[Opening RECORDS SUPPLIED section]

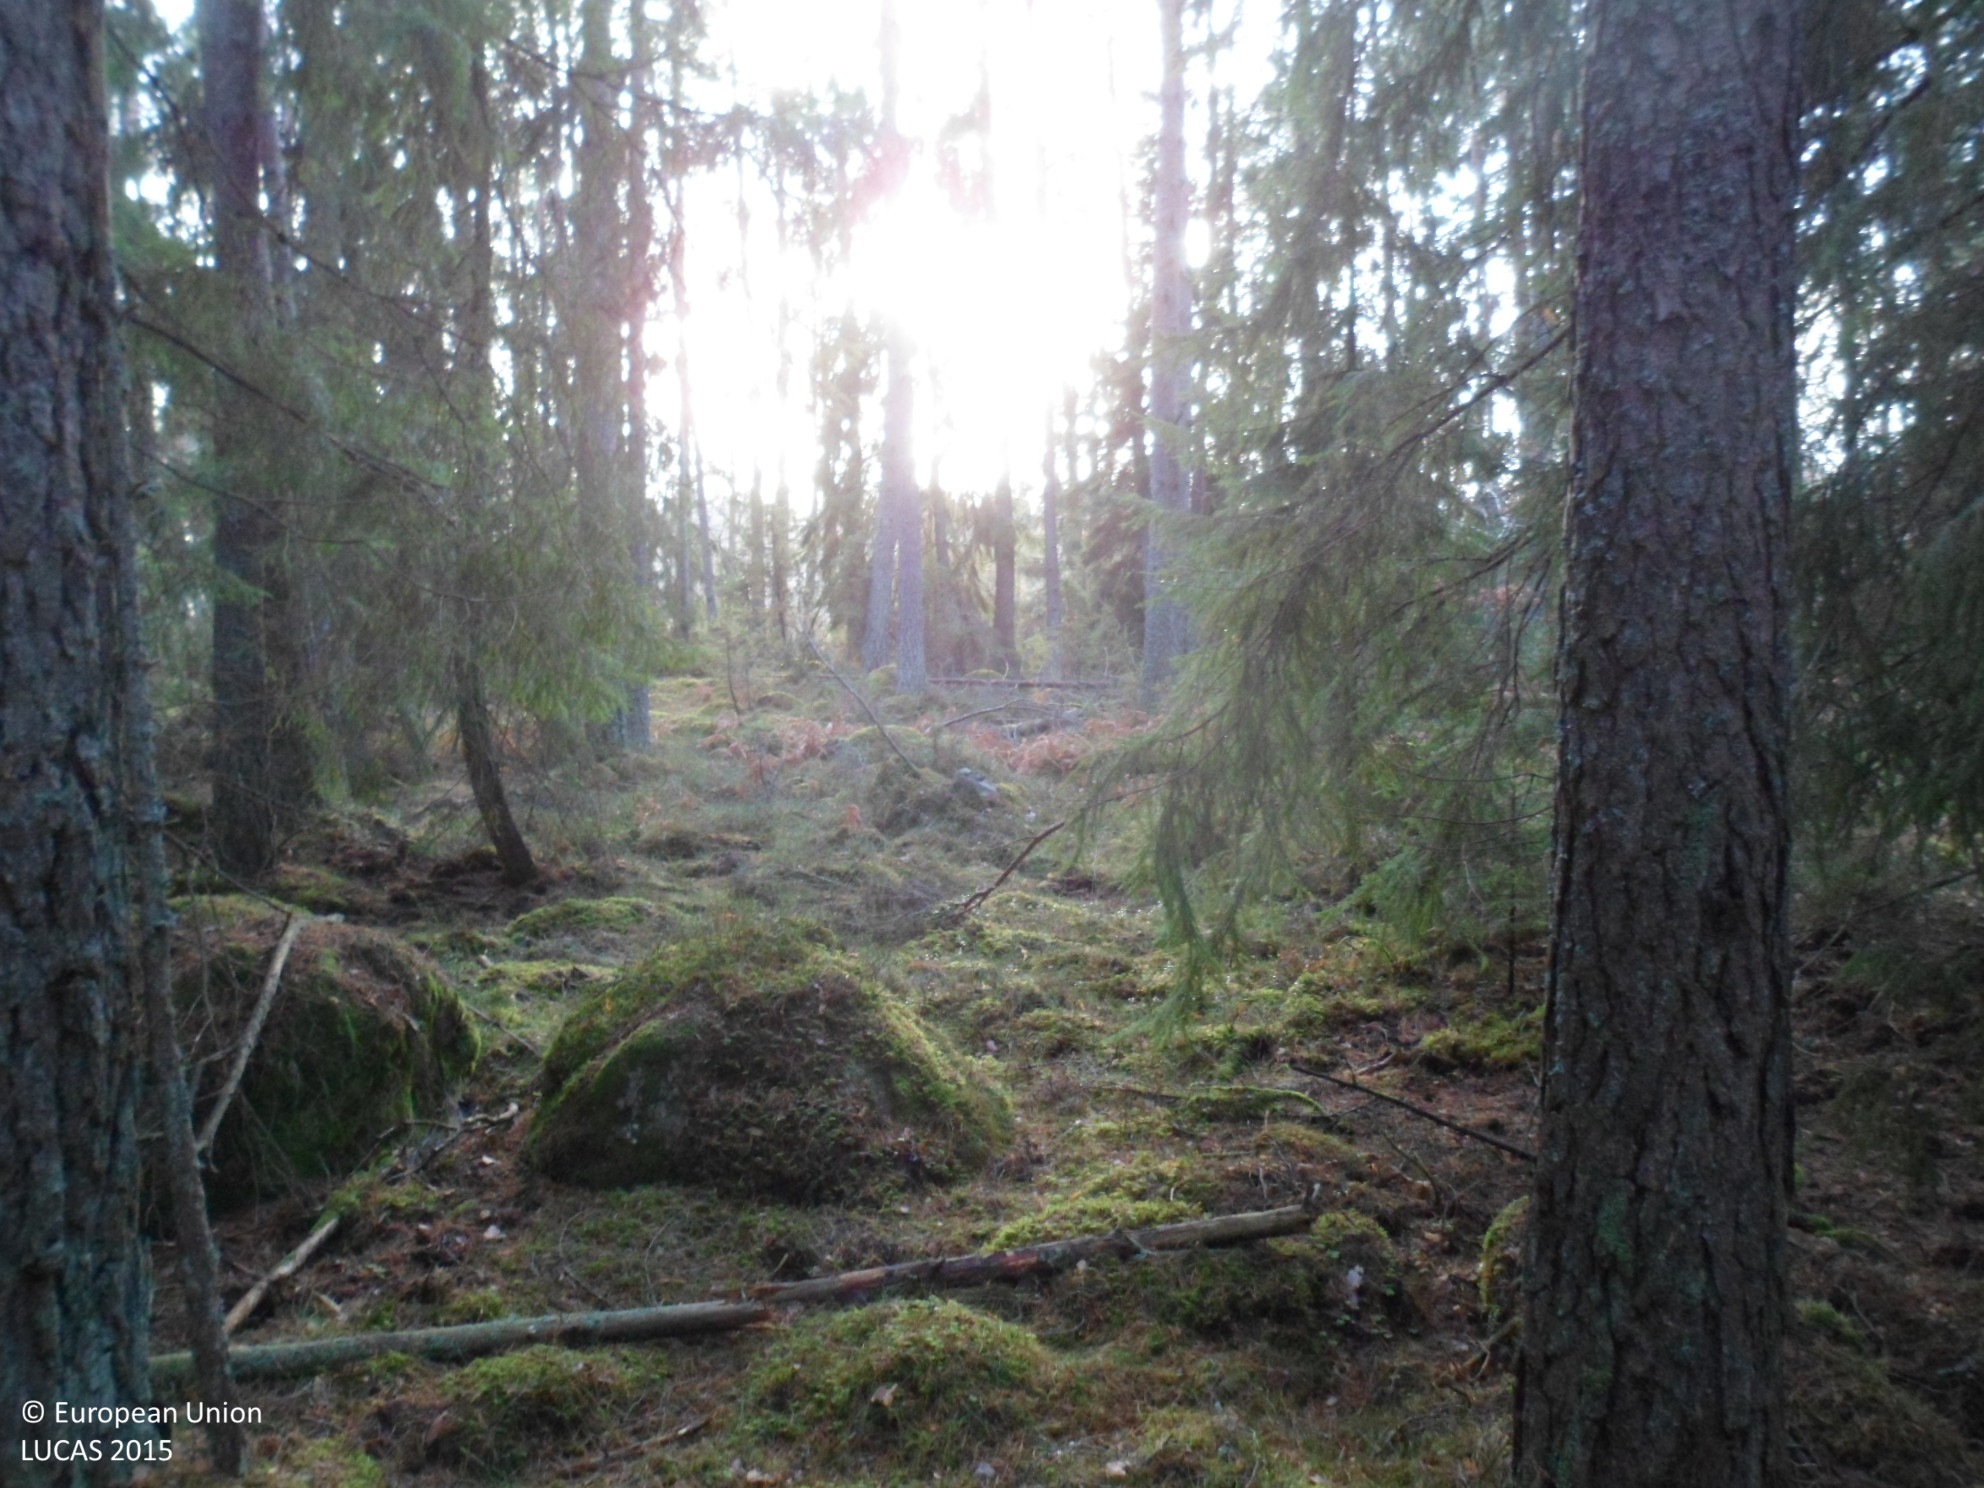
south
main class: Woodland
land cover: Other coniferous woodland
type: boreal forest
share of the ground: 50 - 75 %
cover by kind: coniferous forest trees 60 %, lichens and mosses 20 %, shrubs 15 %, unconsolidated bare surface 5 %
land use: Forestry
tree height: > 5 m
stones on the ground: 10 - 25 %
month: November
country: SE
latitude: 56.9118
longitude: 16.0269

[Closing RECORDS SUPPLIED section]
[Opening RECORDS SUPPLIED section]

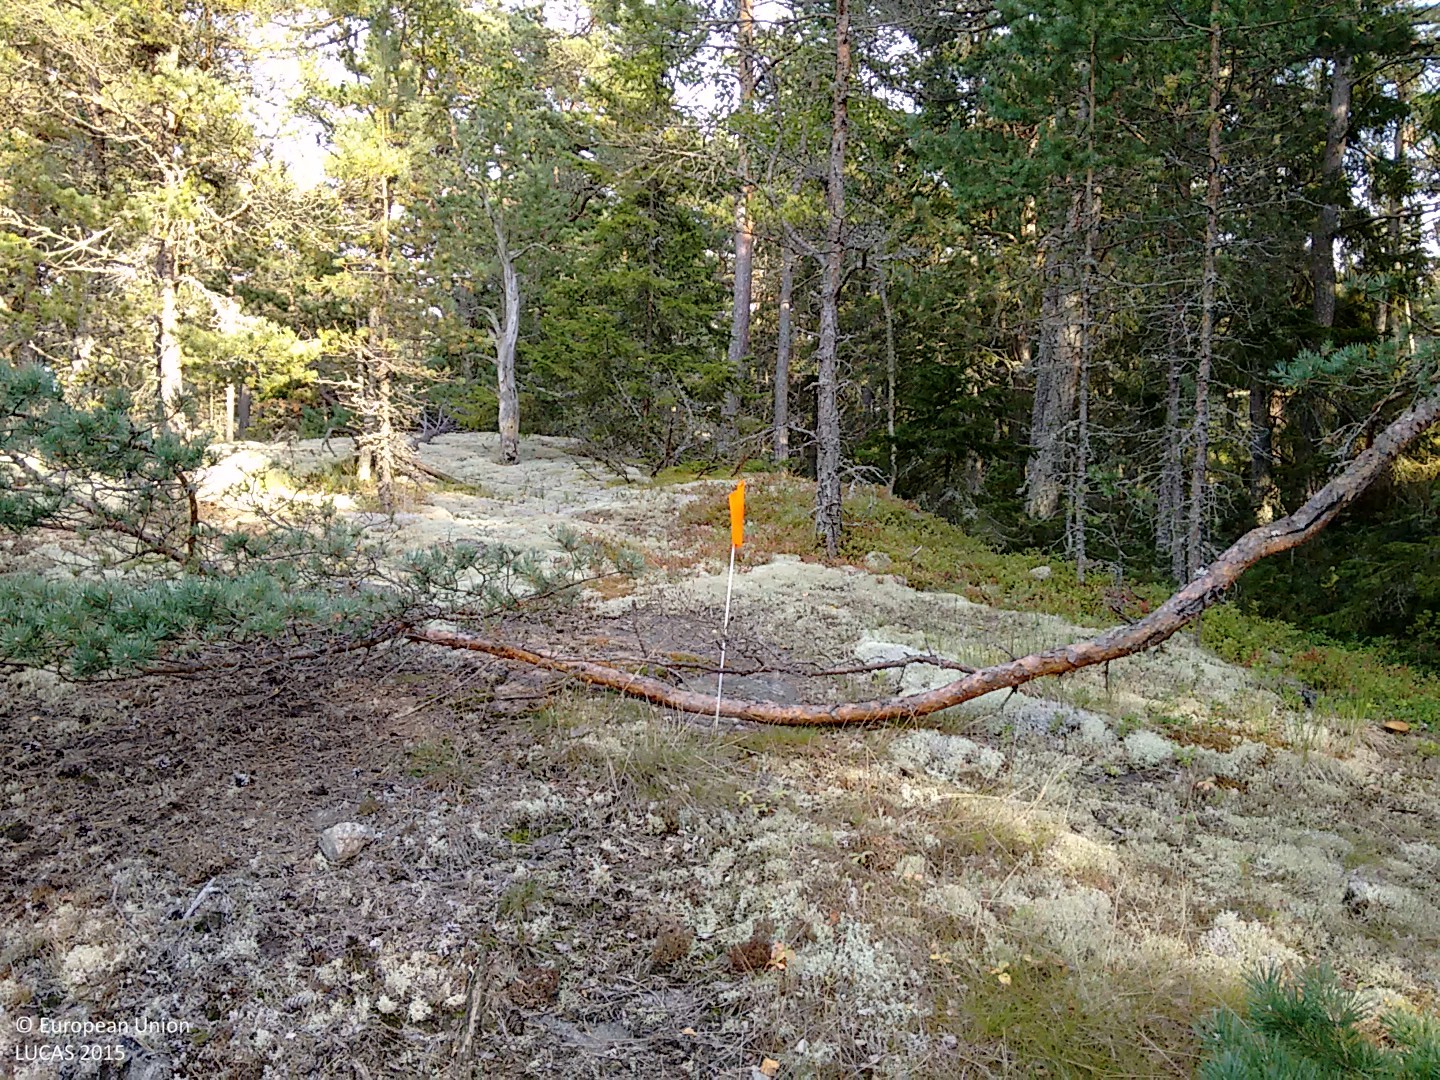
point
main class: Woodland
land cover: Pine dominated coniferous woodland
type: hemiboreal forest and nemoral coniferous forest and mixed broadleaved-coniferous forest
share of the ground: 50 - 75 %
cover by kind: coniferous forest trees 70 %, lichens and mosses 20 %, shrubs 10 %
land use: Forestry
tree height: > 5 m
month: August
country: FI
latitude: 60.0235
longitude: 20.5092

[Closing RECORDS SUPPLIED section]
[Opening RECORDS SUPPLIED section]

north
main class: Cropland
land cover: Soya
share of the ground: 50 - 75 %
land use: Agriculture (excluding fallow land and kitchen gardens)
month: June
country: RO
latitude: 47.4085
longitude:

[Closing RECORDS SUPPLIED section]

◆ PROBLEM REQUIREMENTS: Return every line of the entries above that the string "coniferous" appears in.

◆ EXERCISE SOLUTION:
land cover: Other coniferous woodland
cover by kind: coniferous forest trees 60 %, lichens and mosses 20 %, shrubs 15 %, unconsolidated bare surface 5 %
land cover: Pine dominated coniferous woodland
type: hemiboreal forest and nemoral coniferous forest and mixed broadleaved-coniferous forest
cover by kind: coniferous forest trees 70 %, lichens and mosses 20 %, shrubs 10 %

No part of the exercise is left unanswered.